- What is needed -
The whole listing needs to be written out exactly, except for any images.

- Data for the task -
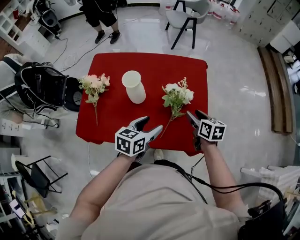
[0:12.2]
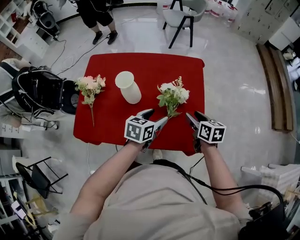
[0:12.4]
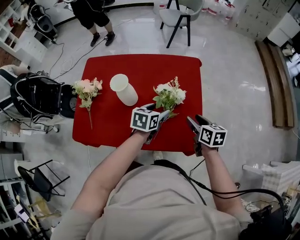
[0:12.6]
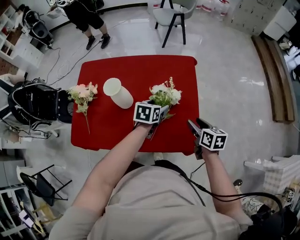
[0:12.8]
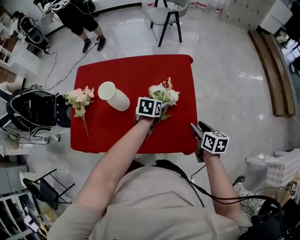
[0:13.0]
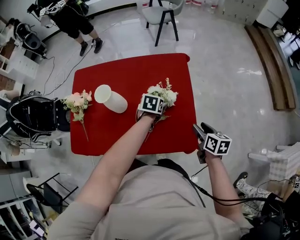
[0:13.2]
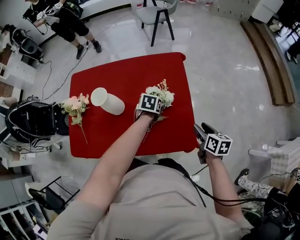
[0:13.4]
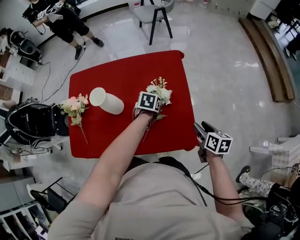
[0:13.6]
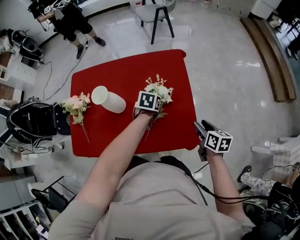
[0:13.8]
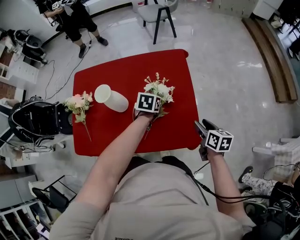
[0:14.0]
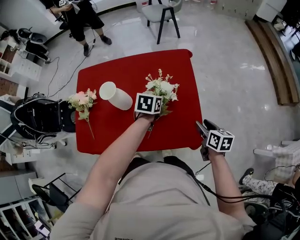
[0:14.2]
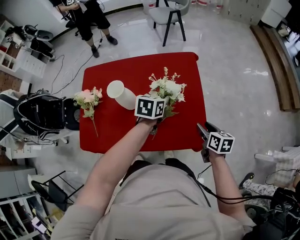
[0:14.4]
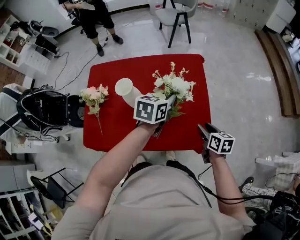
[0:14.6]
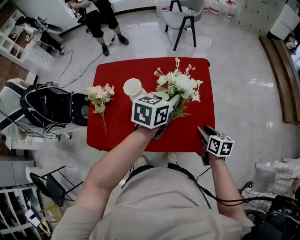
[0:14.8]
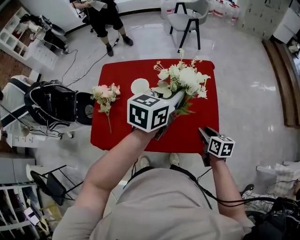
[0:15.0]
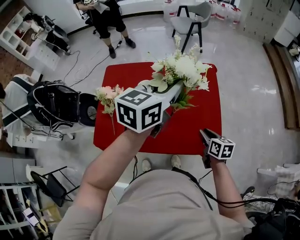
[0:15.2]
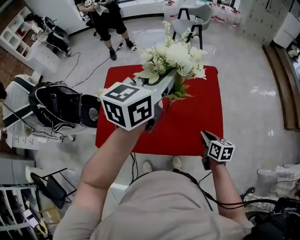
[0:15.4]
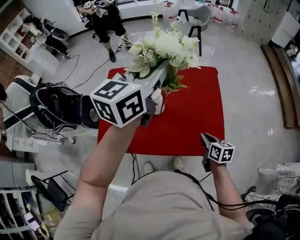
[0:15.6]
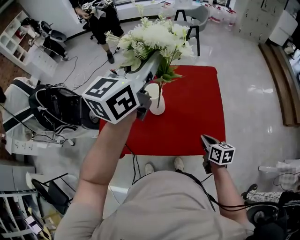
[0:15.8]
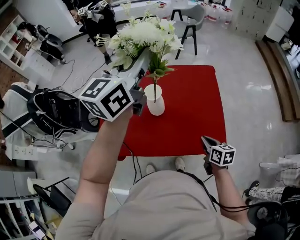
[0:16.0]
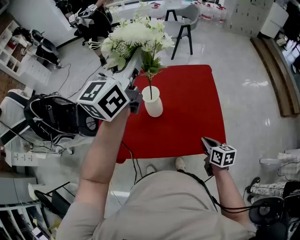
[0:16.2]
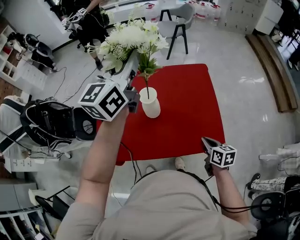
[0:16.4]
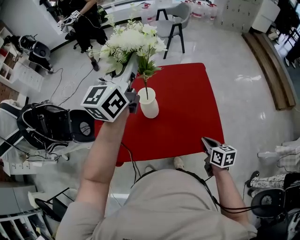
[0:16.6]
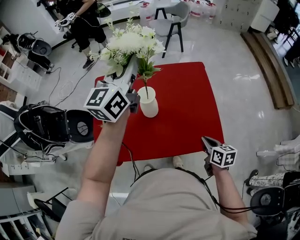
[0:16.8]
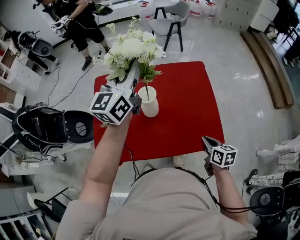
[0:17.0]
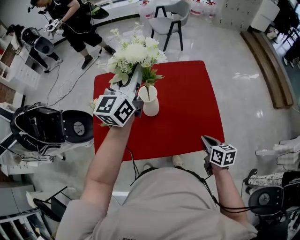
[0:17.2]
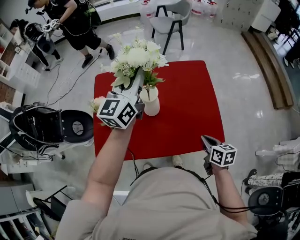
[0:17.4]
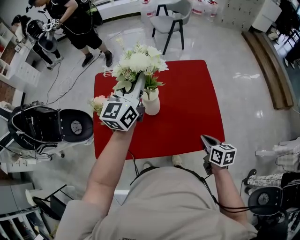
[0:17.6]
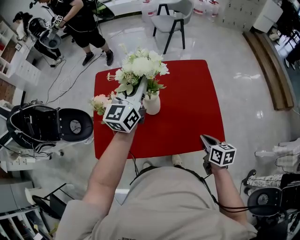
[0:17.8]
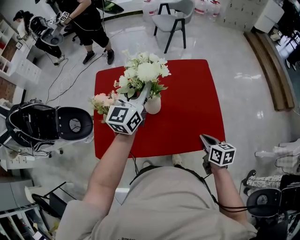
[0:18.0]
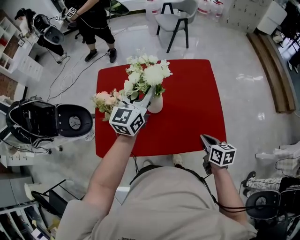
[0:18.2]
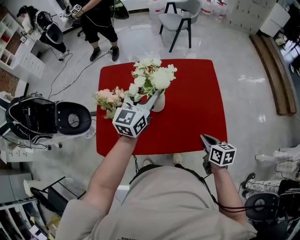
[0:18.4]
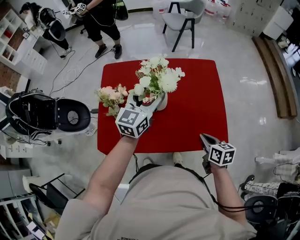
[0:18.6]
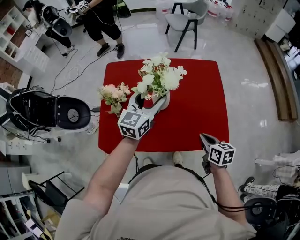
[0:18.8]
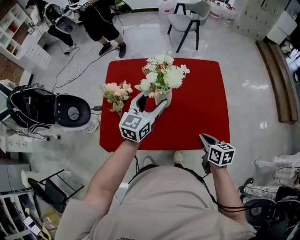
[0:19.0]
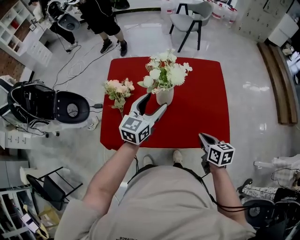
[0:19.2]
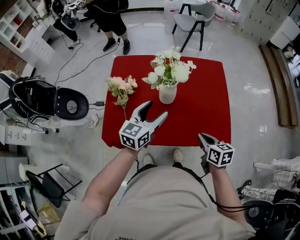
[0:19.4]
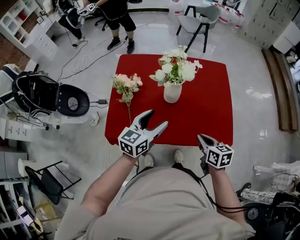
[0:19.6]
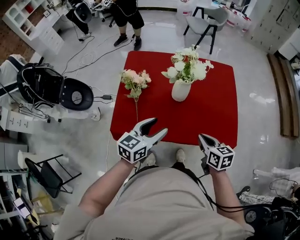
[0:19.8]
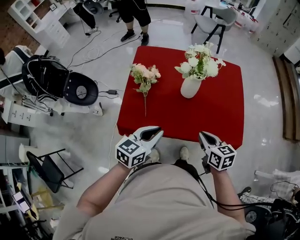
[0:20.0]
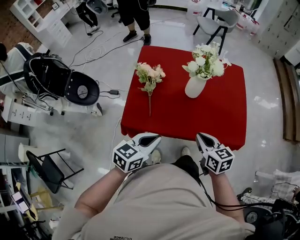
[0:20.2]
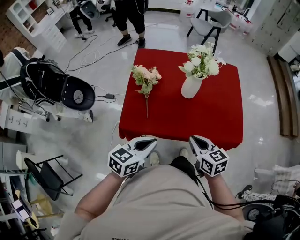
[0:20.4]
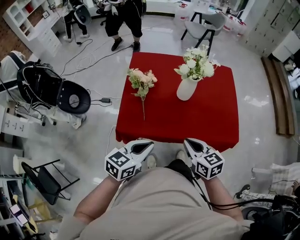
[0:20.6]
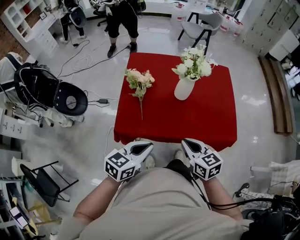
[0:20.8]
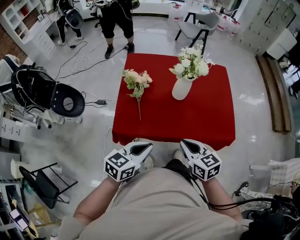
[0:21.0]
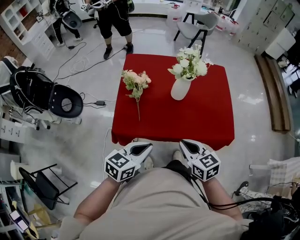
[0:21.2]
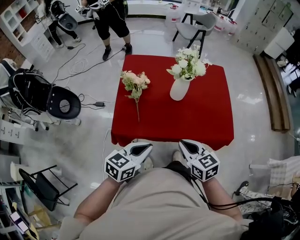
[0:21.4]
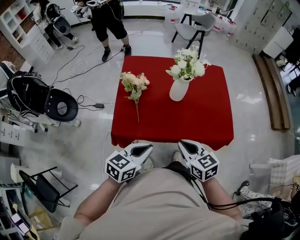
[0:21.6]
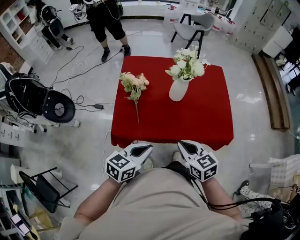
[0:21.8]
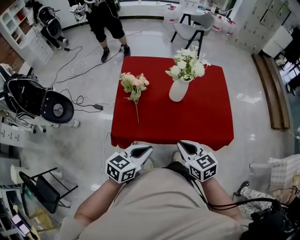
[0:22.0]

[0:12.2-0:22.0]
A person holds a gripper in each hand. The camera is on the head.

- Result of the task -
[0:12.2]
[0:12.4]
[0:12.6]
[0:12.8]
[0:13.0]
[0:13.2]
[0:13.4]
[0:13.6]
[0:13.8]
[0:14.0]
[0:14.2]
[0:14.4]
[0:14.6]
[0:14.8]
[0:15.0]
[0:15.2]
[0:15.4]
[0:15.6]
[0:15.8]
[0:16.0]
[0:16.2]
[0:16.4]
[0:16.6]
[0:16.8]
[0:17.0]
[0:17.2]
[0:17.4]
[0:17.6]
[0:17.8]
[0:18.0]
[0:18.2]
[0:18.4]
[0:18.6]
[0:18.8]
[0:19.0]
[0:19.2]
[0:19.4]
[0:19.6]
[0:19.8]
[0:20.0]
[0:20.2]
[0:20.4]
[0:20.6]
[0:20.8]
[0:21.0]
[0:21.2]
[0:21.4]
[0:21.6]
[0:21.8]
[0:22.0]

[0:12.2-0:22.0]
A person holds a gripper in each hand. The camera is on the head.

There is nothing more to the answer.